Dataset excerpts
========================

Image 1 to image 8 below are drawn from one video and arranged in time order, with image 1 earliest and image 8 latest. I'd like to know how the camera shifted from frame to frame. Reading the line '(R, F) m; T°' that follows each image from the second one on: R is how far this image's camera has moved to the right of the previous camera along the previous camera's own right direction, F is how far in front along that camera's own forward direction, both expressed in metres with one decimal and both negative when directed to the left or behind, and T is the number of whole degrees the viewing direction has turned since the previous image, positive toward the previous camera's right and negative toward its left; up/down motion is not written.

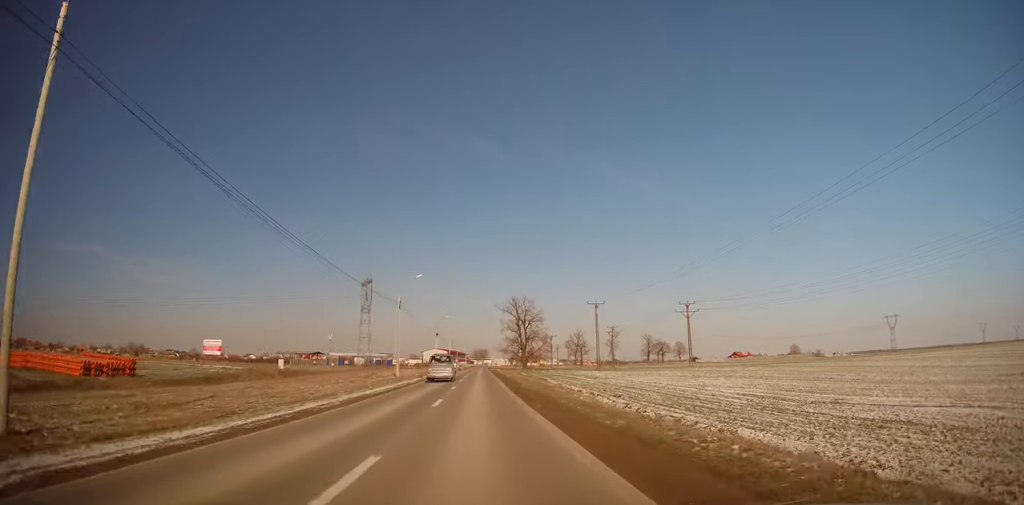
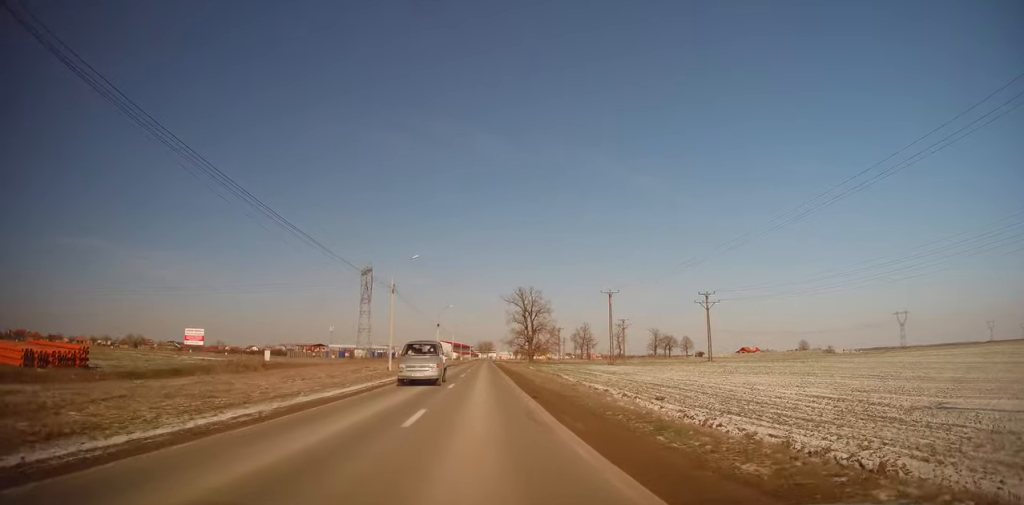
(0.0, +5.5) m; -1°
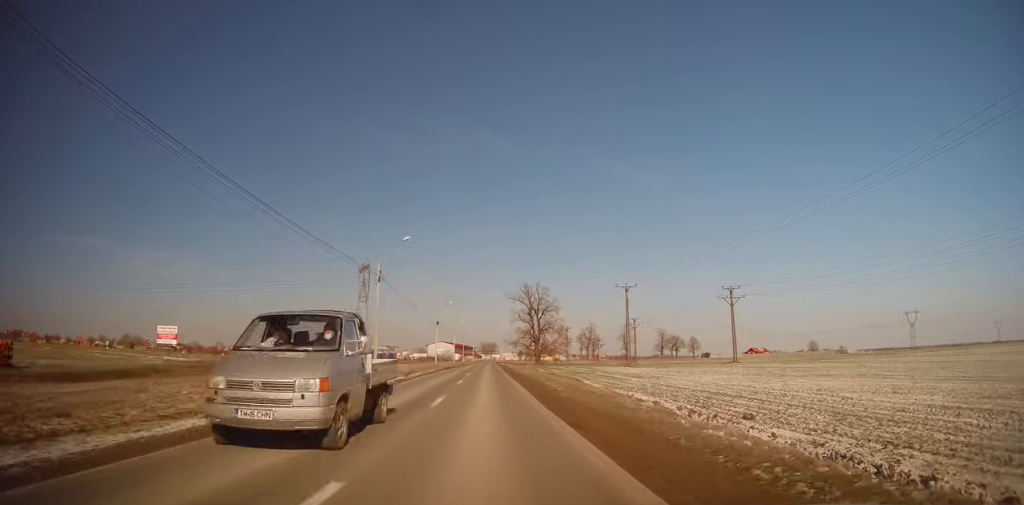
(-0.3, +7.0) m; 0°
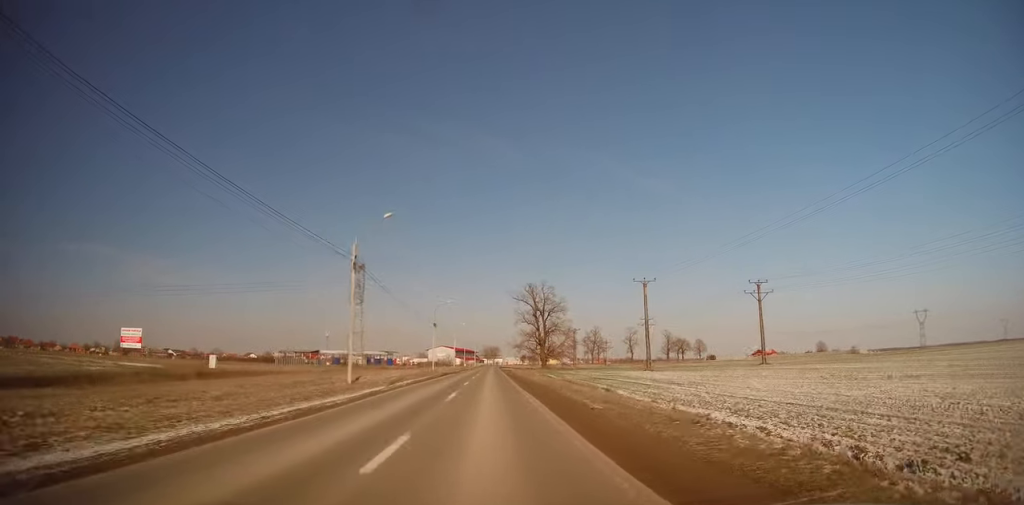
(+0.2, +8.0) m; +1°
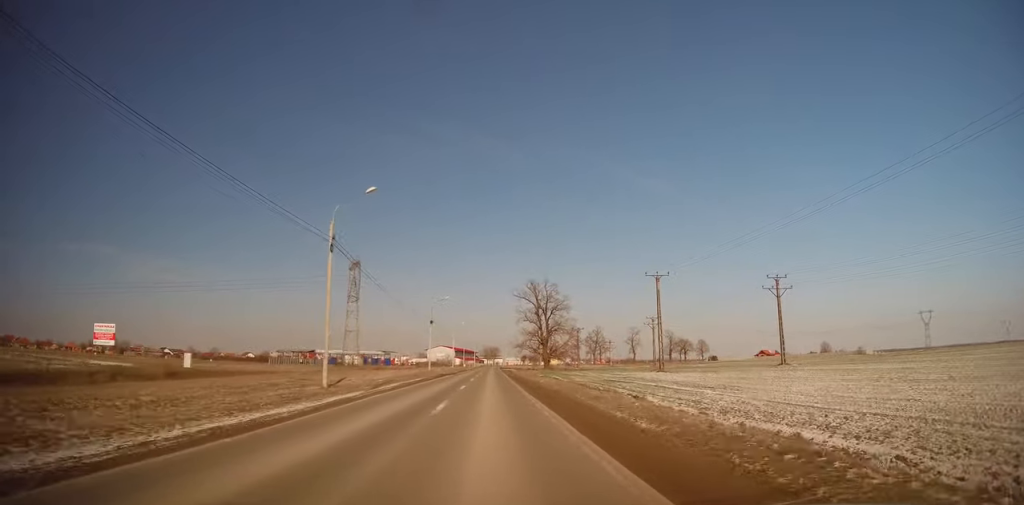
(+0.1, +4.7) m; 0°
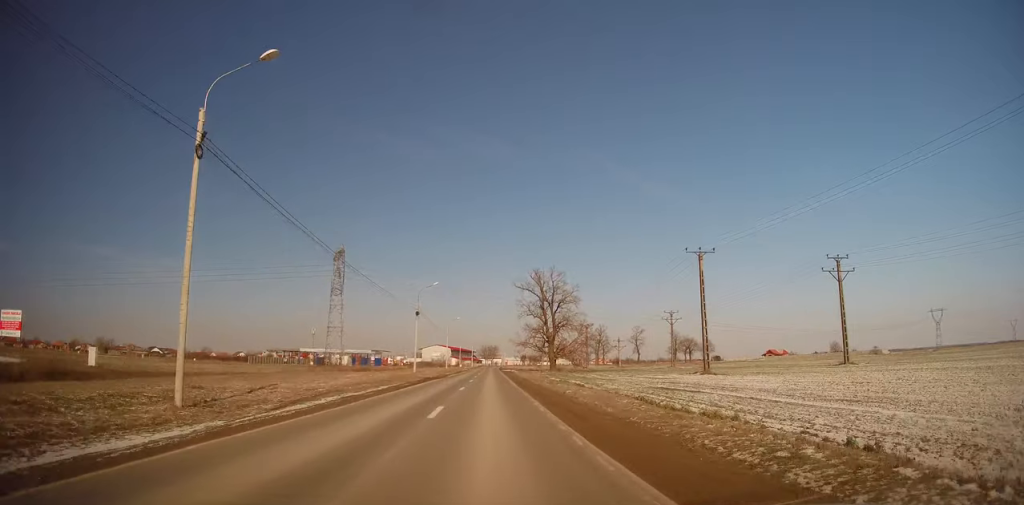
(-0.1, +12.8) m; 0°
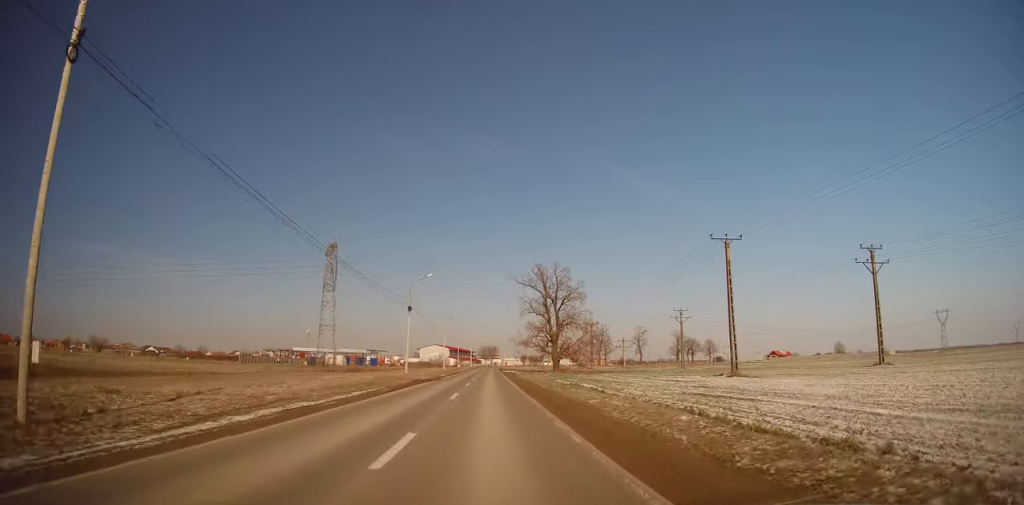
(0.0, +5.5) m; 0°
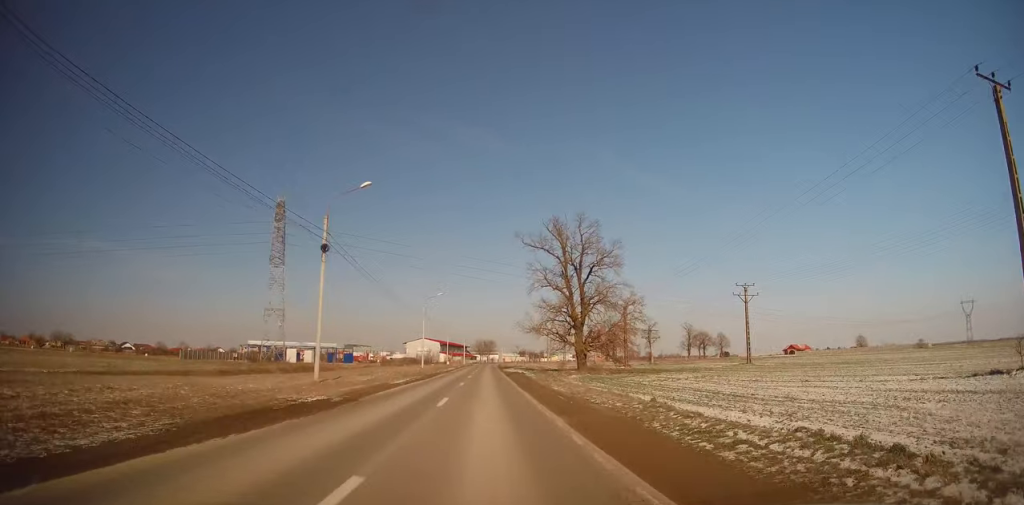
(-0.2, +25.8) m; 0°

========================

**Aim of the task**
All of the entries, apart from the pictures, must be returned exactly.

**Solution below**
Image 1 to image 8 below are drawn from one video and arranged in time order, with image 1 earliest and image 8 latest. I'd like to know how the camera shifted from frame to frame. Reading the line '(R, F) m; T°' that follows each image from the second one on: R is how far this image's camera has moved to the right of the previous camera along the previous camera's own right direction, F is how far in front along that camera's own forward direction, both expressed in metres with one decimal and both negative when directed to the left or behind, and T is the number of whole degrees the viewing direction has turned since the previous image, positive toward the previous camera's right and negative toward its left; up/down motion is not written.

(0.0, +5.5) m; -1°
(-0.3, +7.0) m; 0°
(+0.2, +8.0) m; +1°
(+0.1, +4.7) m; 0°
(-0.1, +12.8) m; 0°
(0.0, +5.5) m; 0°
(-0.2, +25.8) m; 0°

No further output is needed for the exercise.